Why do the elderly save? The role of medical expenses

Is there any Matlab replication with toolkit of the paper “Why do the elderly save?” by De Nardi, French and Jones? I found the replication code at one author’s website:

But it is written in C and I struggle quite a bit to understand it.
I have now got access to AWS so I should be able to run even the more complicated life-cycle models

Largely irrelevant comment: I’m surprised they used C instead of Fortran

DeNardi, French & Jones (2010) is on my to-do list (now that VFI Toolkit does GMM estimation of life-cycle models it was something that was a clear goal for me). I didn’t realise there were replication materials, and now that I know I will give it a go (saves me doing the data work which would have been hard work, the replication materials appear to contain all the data moments you need for the GMM).

As to why C, their ReadMe point 4 says: “The codes solving for the value functions and simulating households’ histories are written in the C language. We use GAUSS for the econometrics. The GAUSS programs call the C programs, send them the necessary inputs - including parameter values and initial values of the state variables - and retrieve the simulated histories. The GAUSS programs then use the simulated histories and the data to compute the GMM criterion function.” But Gauss website says it can also call Fortran, so that cannot be the reason.

Thanks for your reply. If I wanted to try to replicate this paper on my own, is there a model on the toolkit website that I can use as a template?

What you need to code DFJ2010 in VFI Toolkit is as follows:
Permanent types, 10 ptypes: two genders, and 5 income levels
One endogenous state: assets (not cash-in-hand as DFJ2010 switch to)
Two markov exogenous states: health, zeta (AR(1) on medical expenses)
One iid exogenous state: xi (i.i.d on medical expenses)
[note, zero decision variables]

DFJ2010 have lots of parameters that depend on age and permanent type, e.g yn(g,h,I,t),m(g,h,I,t), sigma(g,h,I,t). If these didn’t depend on h they would be easy, just age-conditional parameters that differ by ptype. But the dependence on h, which is a markov z state complicates things. Since h only takes two values, I suggest setting them up with each as two (h=0 and h=1) age-conditional parameters that differ by permanent type.
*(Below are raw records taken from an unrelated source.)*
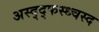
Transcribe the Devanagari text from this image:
अस्द्द्फस्ध्चस्द
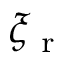
\xi _ { \mathrm { ~ r ~ } }
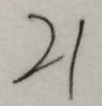
2 1
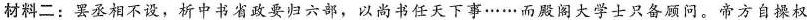
材料二：罢丞相不设，析中书省政要归六部，以尚书任天下事……而殿阁大学士只备顾问。帝方自操权
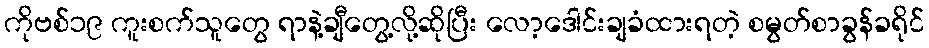
ကိုဗစ်၁၉ ကူးစက်သူတွေ ရာနဲ့ချီတွေ့လို့ဆိုပြီး လော့ဒေါင်းချခံထားရတဲ့ စမွတ်စာခွန်ခရိုင်
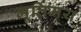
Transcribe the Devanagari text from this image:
मूर्तिमय
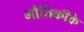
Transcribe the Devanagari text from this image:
भौतिकीके
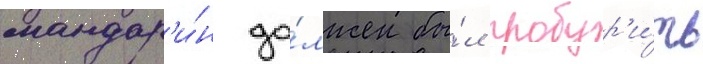
мандар'и́н до́лжен бы́л пробур'и́ть
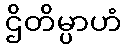
ဌိတိမ္ပာဟံ
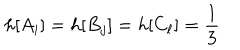
h [ A _ { i } ] = h [ B _ { j } ] = h [ C _ { \ell } ] = \frac { 1 } { 3 }
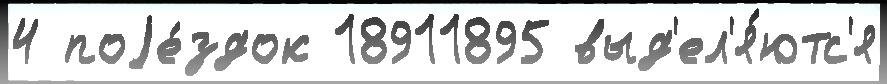
4 поjе́здок 18911895 выд'ел'я́ютс'я
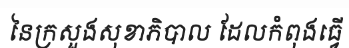
នៃក្រសួងសុខាភិបាល ដែលកំពុងធ្វើ
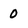
Character: 0
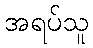
အရပ်သူ
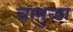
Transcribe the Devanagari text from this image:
चामुन्डा
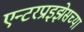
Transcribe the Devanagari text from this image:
एन्टरप्राइझेसच्या
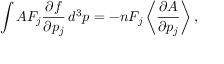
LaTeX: \int A F _ { j } { \frac { \partial f } { \partial p _ { j } } } \, d ^ { 3 } p = - n F _ { j } \left\langle { \frac { \partial A } { \partial p _ { j } } } \right\rangle ,
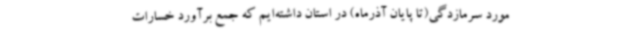
مورد سرمازدگی(تا پایان آذرماه) در استان داشته‌ایم که جمع برآورد خسارات

That the transitions of h depend on (g,I,t) is easy (age-dependent exogenous markovs, but then differ by ptype). [eqn 5 of DFJ2010]
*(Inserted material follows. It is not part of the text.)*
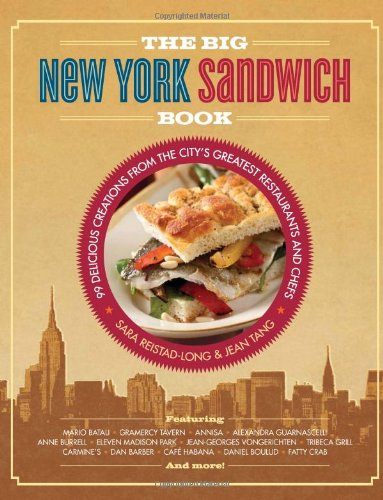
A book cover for The Big New York Sandwich Book: 99 Delicious Creations from the City's Greatest Restaurants and Chefs; Sara Reistad-Long; Cookbooks, Food & Wine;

The awkward part for VFI Toolkit is that the conditional survival probabilities depend on h (the markov x state). VFI Toolkit does not handle state-dependent discount factors (which is what conditional survival probabilities effectively are). Instead you have to add an additional “dead” grid point to the health state and handle the conditional survival probabilities based on the transition probabilities to this state (and in that state, return fn evaluates to F=0) [dead state as conditional survival probabilities]. Actually, because of the warm-glow of bequests you need to go even further and add two grid points to health state, ‘death’ which is the period you die and gives the warm-glow of bequests, and ‘dead’ which returns 0 [when in ‘death’ you transition with probability one to ‘dead’]; this is because the warm-glow has to depend on the conditional survival probability, which is here being controlled by transition probabilities of the health state.

This (two extra health state values) is computationally a bit wasteful, but the model is otherwise pretty simple so it will still compute easy fast enough to GMM estimate, and you can use simoptions.conditionalrestrictions to make all the model stats conditional on not being death/dead (GMM estimation works with conditional restrictions as target moments).

Thank you, I will study your answer carefully and start implementing the code

Took all day, but here is the model. Most of the time was spent sorting out the parameters, this model has hundreds of parameters.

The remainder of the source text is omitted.